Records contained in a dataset
↓

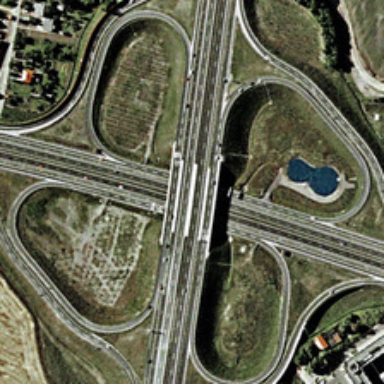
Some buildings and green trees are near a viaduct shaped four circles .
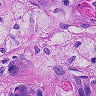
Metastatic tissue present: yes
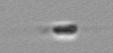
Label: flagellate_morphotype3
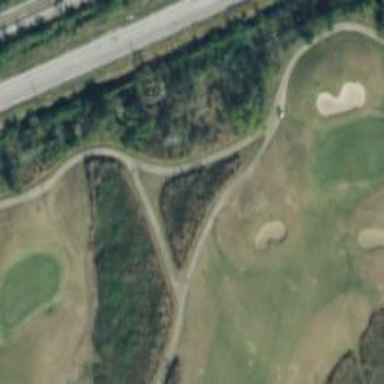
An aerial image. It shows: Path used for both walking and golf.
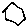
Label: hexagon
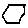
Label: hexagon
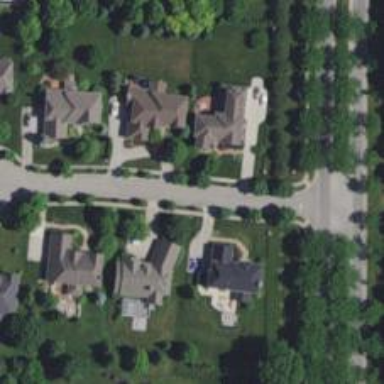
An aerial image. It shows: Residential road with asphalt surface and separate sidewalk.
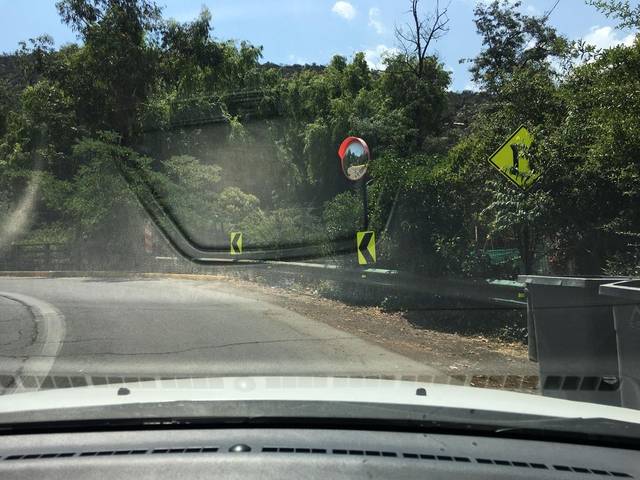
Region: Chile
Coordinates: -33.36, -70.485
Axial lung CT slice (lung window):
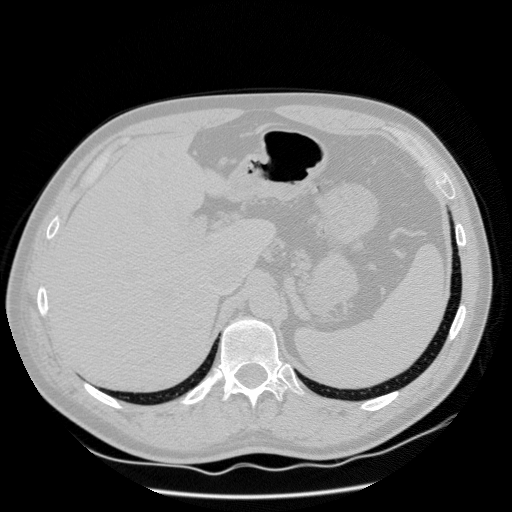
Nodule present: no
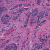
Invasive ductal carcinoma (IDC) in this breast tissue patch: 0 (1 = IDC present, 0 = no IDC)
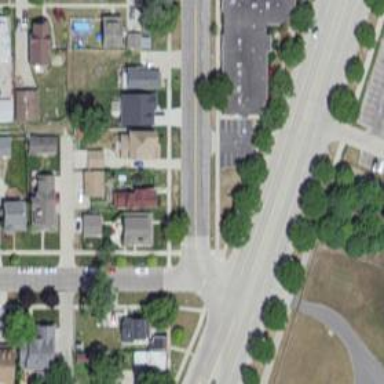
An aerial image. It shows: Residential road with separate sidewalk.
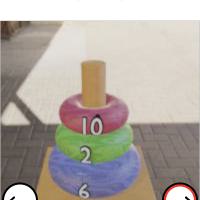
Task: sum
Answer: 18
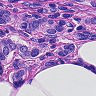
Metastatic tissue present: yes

↑
↓

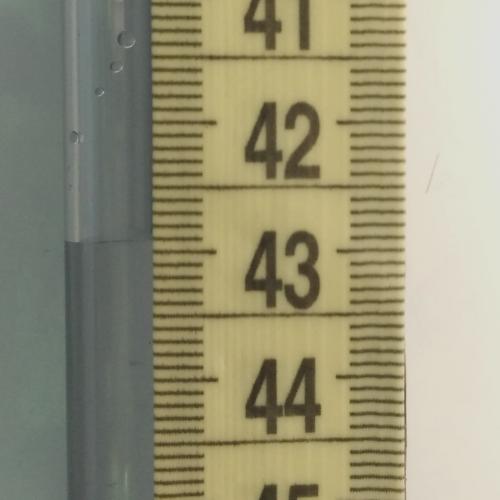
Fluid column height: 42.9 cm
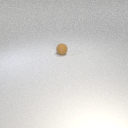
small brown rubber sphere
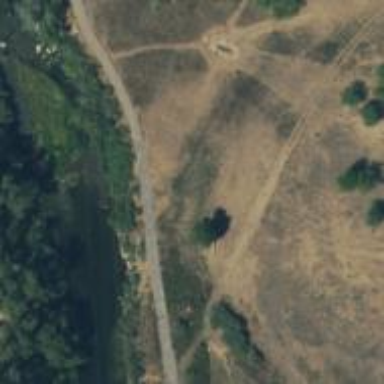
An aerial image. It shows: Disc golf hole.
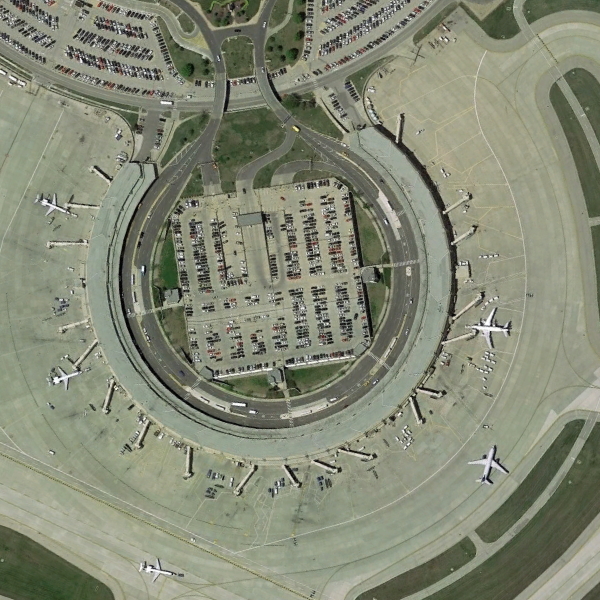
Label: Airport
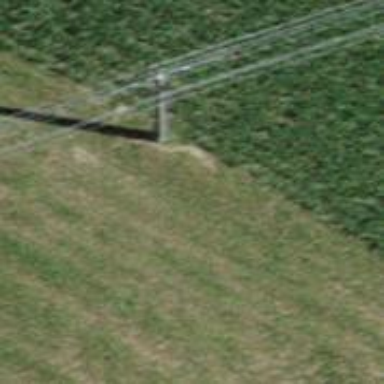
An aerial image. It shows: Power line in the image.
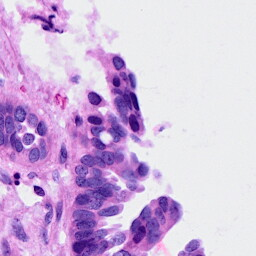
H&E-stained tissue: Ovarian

↑

◆ **Task brief**:
In the records above, find the line with "Fluid column height: 42.9 cm". Print exactly from there through the line with "H&E-stained tissue: Ovarian", minus the pictures.

◆ **Exercise response**:
Fluid column height: 42.9 cm
small brown rubber sphere
An aerial image. It shows: Disc golf hole.
Label: Airport
An aerial image. It shows: Power line in the image.
H&E-stained tissue: Ovarian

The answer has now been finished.